Cyclosporiasis is usually diagnosed symptomatically in clinical settings, including the presence of watery diarrhea, abdominal cramping, and bloating. In untreated, immunocompetent people, the diarrhea can last from days to weeks to a month or more, and can wax and wane, with variable oocyst shedding. Oocysts can continue to be shed (intermittently or continuously) by non-symptomatic people, and symptoms can also persist in the absence of oocysts in feces. In a clinical context, conventional diagnosis usually involves microscopic examination of intestinal tissue biopsy sections, stool samples for the presence of developmental stages of Cyclospora, or advanced molecular testing for DNA. Improved specificity and sensitivity have been possible largely through the use of PCR, which enables the specific amplification of genetic loci from tiny amounts of genomic DNA of Cyclospora. Because of the intermittent nature of oocyst shedding and the low numbers of this stage in feces, it is recommended that multiple stool samples be collected at 2–3 day intervals over a period of more than a week, to increase the likelihood of identifying the disease microscopically.[8]

What are the serious and long-term risks of Cyclospora infection?

Cyclospora has been associated with a variety of chronic complications such as malabsorption, reactive arthritis, and cholecystitis (inflammation of the gallbladder). Since Cyclospora infections tend to respond to the appropriate treatment, complications are more likely to occur in individuals who are not treated or not treated promptly. Extraintestinal infection also appears to occur more commonly in individuals with a compromised immune system.[9]

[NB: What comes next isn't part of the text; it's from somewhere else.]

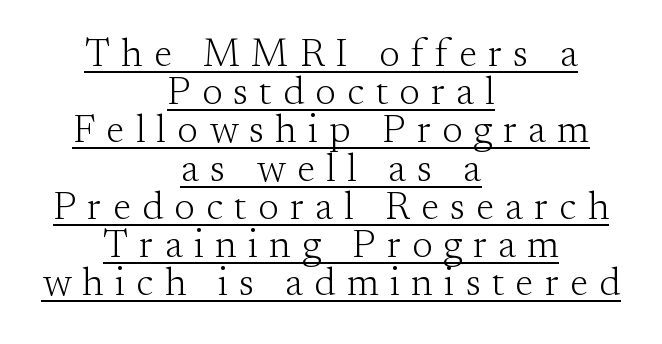
The image shows 39 px light serif type, upright; set centered, tight line spacing (0.98x), unusually wide letter spacing (+0.29 em), underlined; medium stroke contrast and a small x-height.
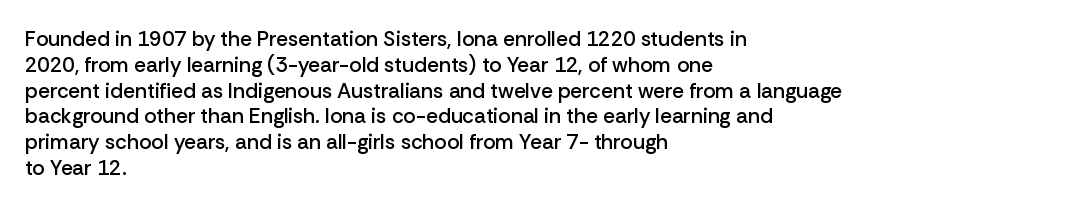
Weight: semibold (demi). Clear beneath every line of the passage. Nothing unusual about the tracking: characters are spaced as the font intends. Notice how the stems are strictly vertical — no italics here. This sample is left-justified, so line endings fall wherever the words run out.

Although human cyclosporiasis is usually not fatal in developed countries such as the United States, protracted diarrhea often leads to dehydration, particularly in infants who are at greatest risk of severe dehydration and death, especially if cyclosporiasis is complicated by infections with other pathogens (viral, bacterial, or parasitic—e.g., Cryptosporidium and Giardia), malnutrition, or malabsorption, particularly in underprivileged communities.[10]

According to the CDC[11], the recommended treatment is a combination of two antibiotics, trimethoprim-sulfamethoxazole, also known as Bactrim, Septra, or Cotrim. It is advisable for people who have diarrhea to also rest and drink plenty of fluids.

[1] Casillas, S. M., Hall, R. L., & Herwaldt, B. L. (2019). Cyclosporiasis Surveillance – United States, 2011-2015. Morbidity and mortality weekly report. Surveillance summaries (Washington, D.C. : 2002), 68(3), 1–16. https://doi.org/10.15585/mmwr....

[2] Giangaspero, A., & Gasser, R. B. (2019). Human cyclosporiasis. The Lancet Infectious Diseases, 19(7), e226–e236. https://doi.org/10.1016/S1473-...(18)30789-8

[3] Casillas, Ibid, Note 1 at Page 1.

[4] CDC. (2020, September 24). Cyclosporiasis Outbreak Investigations – United States, 2020. Centers for Disease Control and Prevention. https://www.cdc.gov/parasites/cyclosporiasis/outbreaks/2020/seasonal/index.html

[5] Cyclosporiasis – Disease. (2018, May 11). https://www.cdc.gov/parasites/cyclosporiasis/disease.html

[6] Almeria S, Cinar HN, Dubey JP. Cyclospora cayetanensis and Cyclosporiasis: An Update. Microorganisms. 2019; 7(9):317.

[7] Giangaspero, Ibid, Note 2 at Page 1.

[8] Giangaspero, Ibid, Note 2 at Page 3-4.

[9] CDC. (2020, October 21). CDC – Cyclosporiasis – Resources for Health Professionals. Centers for Disease Control and Prevention. https://www.cdc.gov/parasites/cyclosporiasis/health_professionals/index.html

[10] Giangaspero, Ibid, Note 2 at Page 2.